The only reason there is hate for you is the way you presented this material. Go back to your original post and study it with the same "passion" you're asking this forum to study your equation. If this is the way you submit material in your day job.......either you own your own company or you're soon to be unemployed.....In my years of engineering I have found that delivery of my ideas and solutions to problems is critical to getting other people signed......it has nothing to do with us solving your little equation.


----------



## D.F.L. (Jan 3, 2004)

Maybe a Mikesee time-out would help us all?


----------



## pvd (Jan 4, 2006)

mtnbiker4life said:


> ..it has nothing to do with us solving your little equation.


Ha, ha! You're an engineer and you can't solve this problem. I give you two different solutions to the problem and you still have no idea where the numbers even come from.

Really, show everyone that you are, in fact, the smart one. It should take you about 3 minutes (if you really are an engineer).


----------



## mtnbiker4life (Sep 19, 2005)

pvd said:


> Ha, ha! You're an engineer and you can't solve this problem. I give you two different solutions to the problem and you still have no idea where the numbers even come from.
> 
> Really, show everyone that you are, in fact, the smart one. It should take you about 3 minutes (if you really are an engineer).


First off you don't know me so don't jump to conclusions regarding my technical skills. All we are asking is that you cool it with calling everyone out on this board. I'm personally not going to waste my time on your excel dump.....right the equation in standard math notation and then I will show you a solution. Then get out your heat transfer, thermodynamics, and fluid dynamics books because I am going to hit you with a question that will rock your little narrow minded world


----------



## pvd (Jan 4, 2006)

mtnbiker4life said:


> right the equation in standard math notation and then I will show you a solution.


I gave the reduced version quite a while ago:










Now, explain it. You have the full version to help you.

Also, I was the one called out in this thread.


----------



## Walt (Jan 23, 2004)

*Who cares?*

This has gone so far beyond relevance to bicycles that I'm tempted to move it elsewhere. If we had an "Intellectual posturing" forum it would already be gone.

Anyone care to discuss the actual original subject matter; regarding whether or not this level of precision is important when the rubber hits the dirt?

-Walt


----------



## Guest (Dec 18, 2007)

pvd said:


> That's funny, I asked two physics graduate students to solve this and neither of them could figure it out. I had to roll up my sleeves and figure it out when they couldn't





pvd said:


> ...you actually understood the reasons behind the simple trig I used.

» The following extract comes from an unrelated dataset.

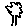
Label: tree
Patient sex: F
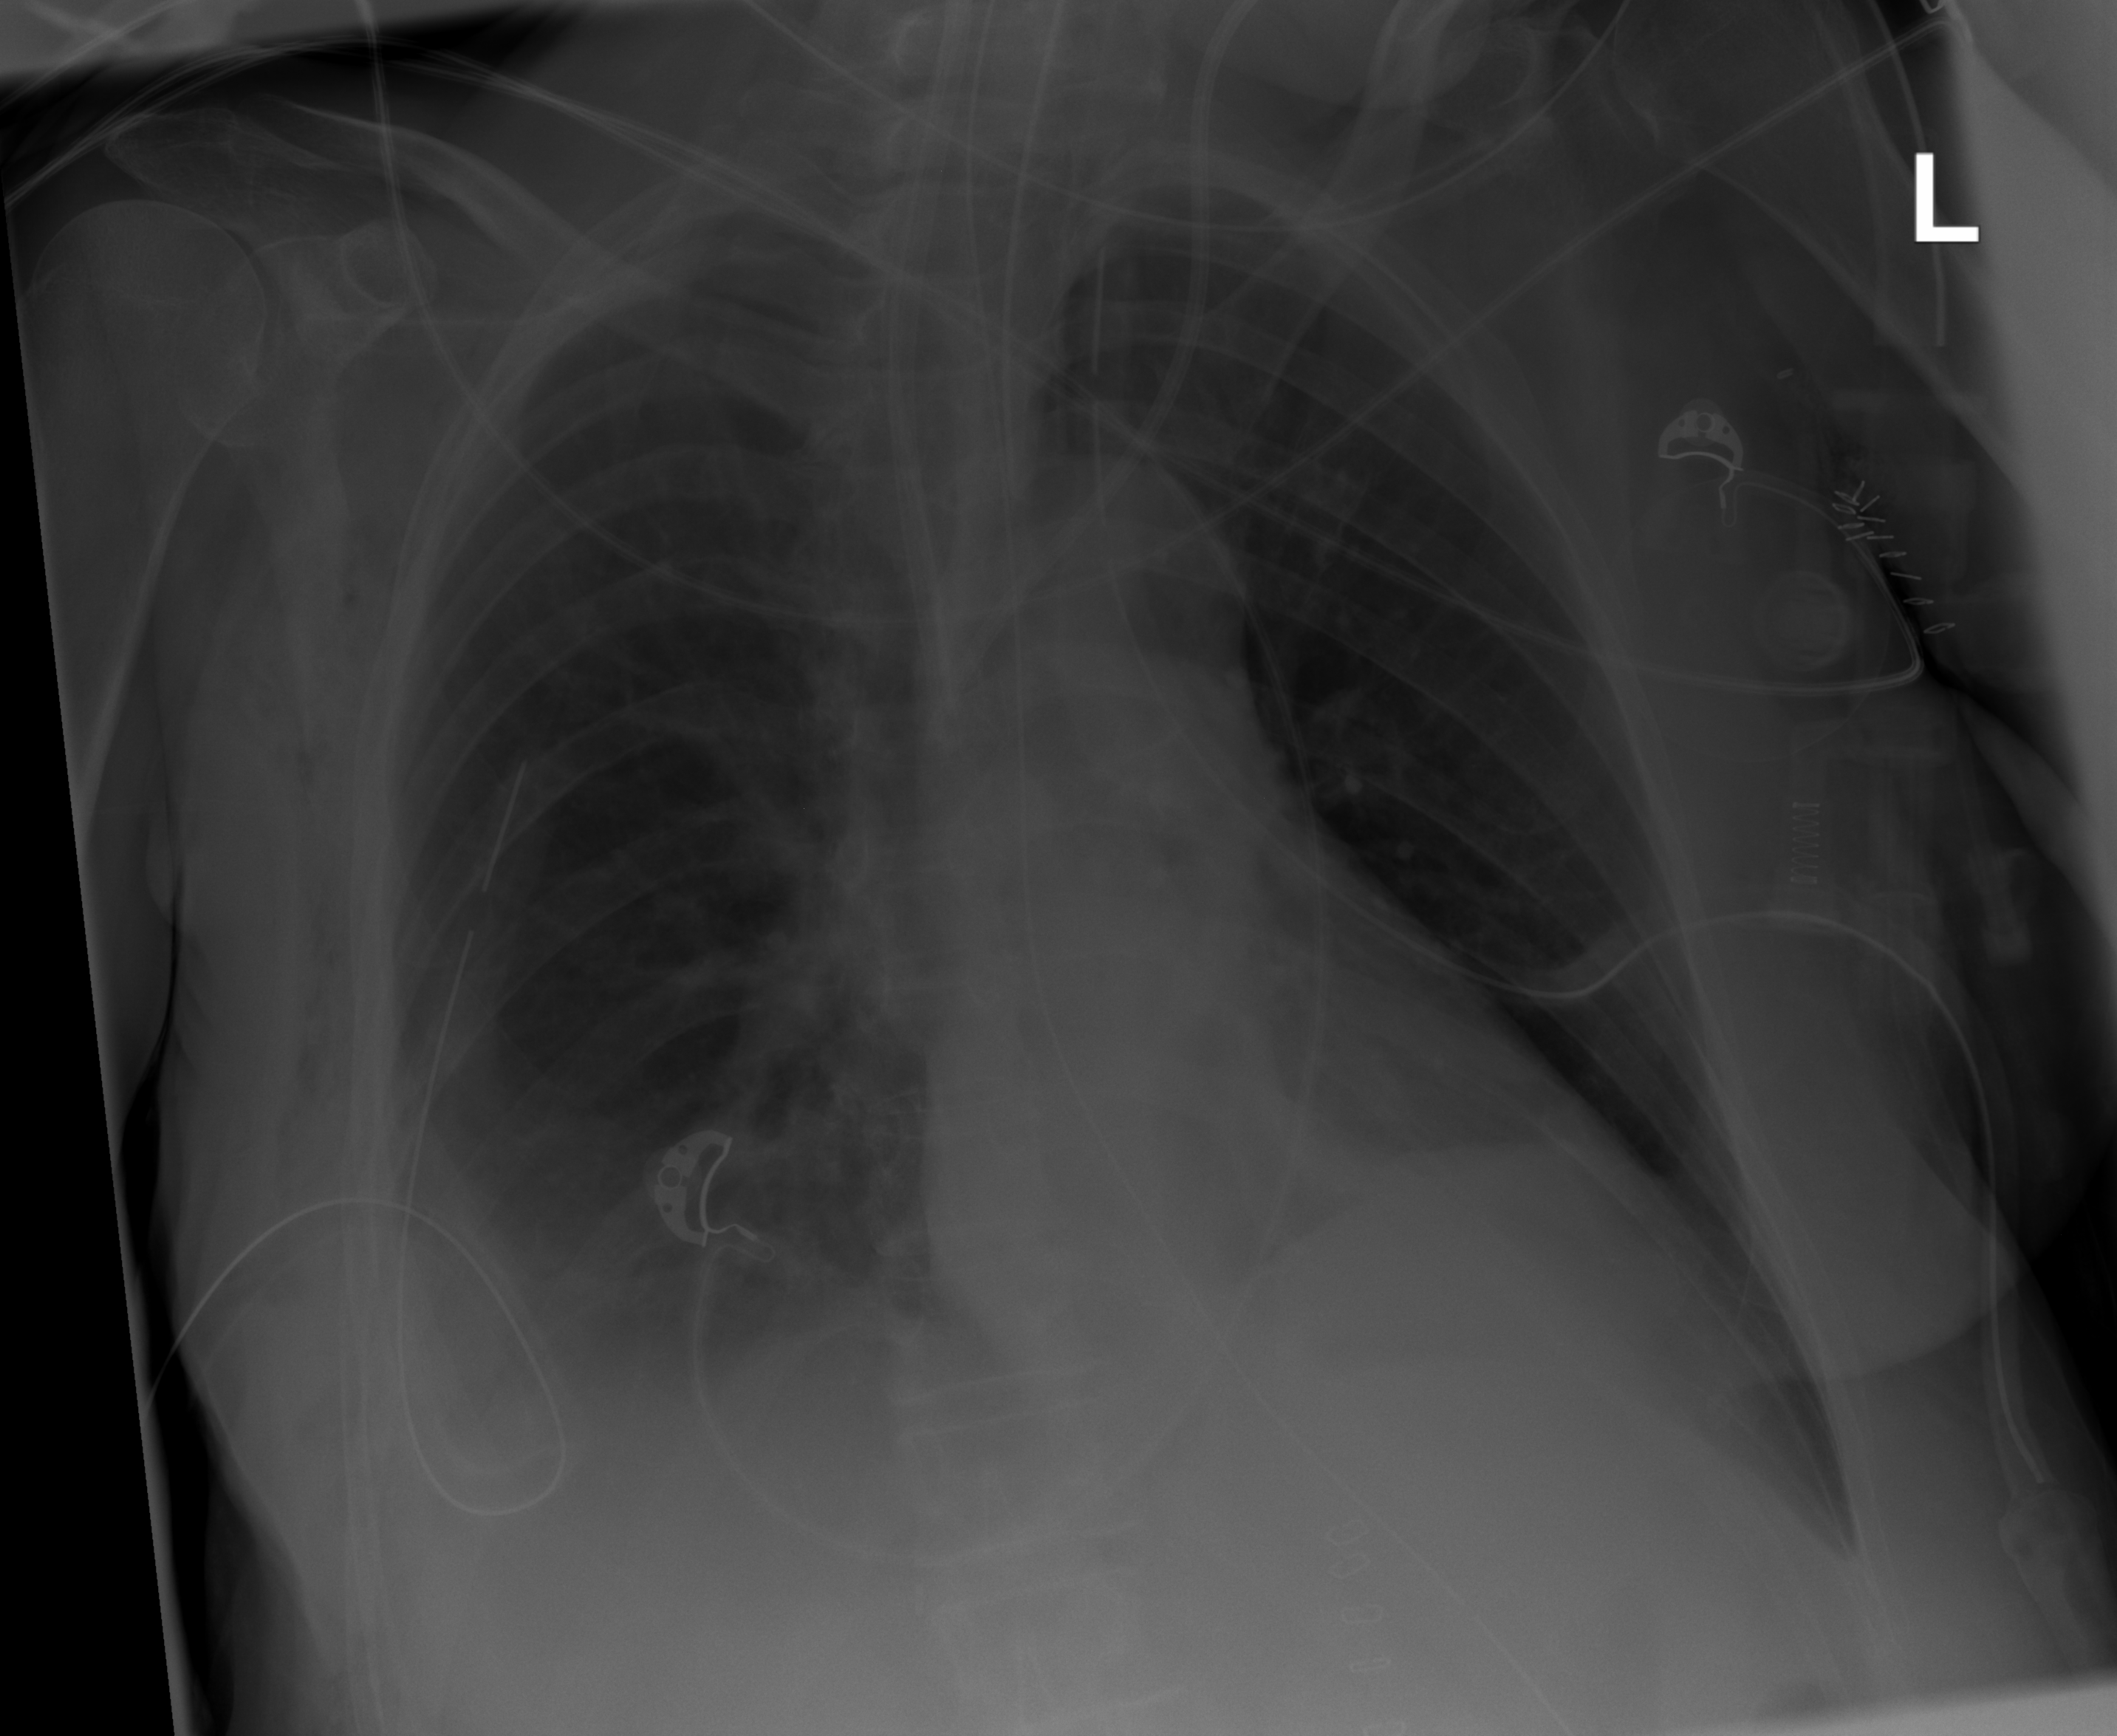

So which is it? Harder than grad students can solve??? or simple trig??????


----------



## pvd (Jan 4, 2006)

indigosky said:


> So which is it? Harder than grad students can solve??? or simple trig??????


both, actually.


----------



## mtnbiker4life (Sep 19, 2005)

pvd said:


> I gave the reduced version quite a while ago:
> 
> 
> 
> ...


Okay, I need an explaination of your equation.....displacement is that fork traveled + sag...whereas the initial set up with 30% sag the fork was displaced 42mm.


----------



## pvd (Jan 4, 2006)

Walt said:


> This has gone so far beyond relevance to bicycles that I'm tempted to move it elsewhere. If we had an "Intellectual posturing" forum it would already be gone.
> 
> Anyone care to discuss the actual original subject matter; regarding whether or not this level of precision is important when the rubber hits the dirt?
> 
> -Walt


Actually, this is very much relevant to bicycles and framebuilding. It involves the willingness to do predictive anylisis on a bike design while in varying states. Some people see a bike as a fixed system and others as dynamic and changing. What tools do we use to understand how our bikes work while climbing or decending? How does all of this effect design? Are our tools accurate? What works?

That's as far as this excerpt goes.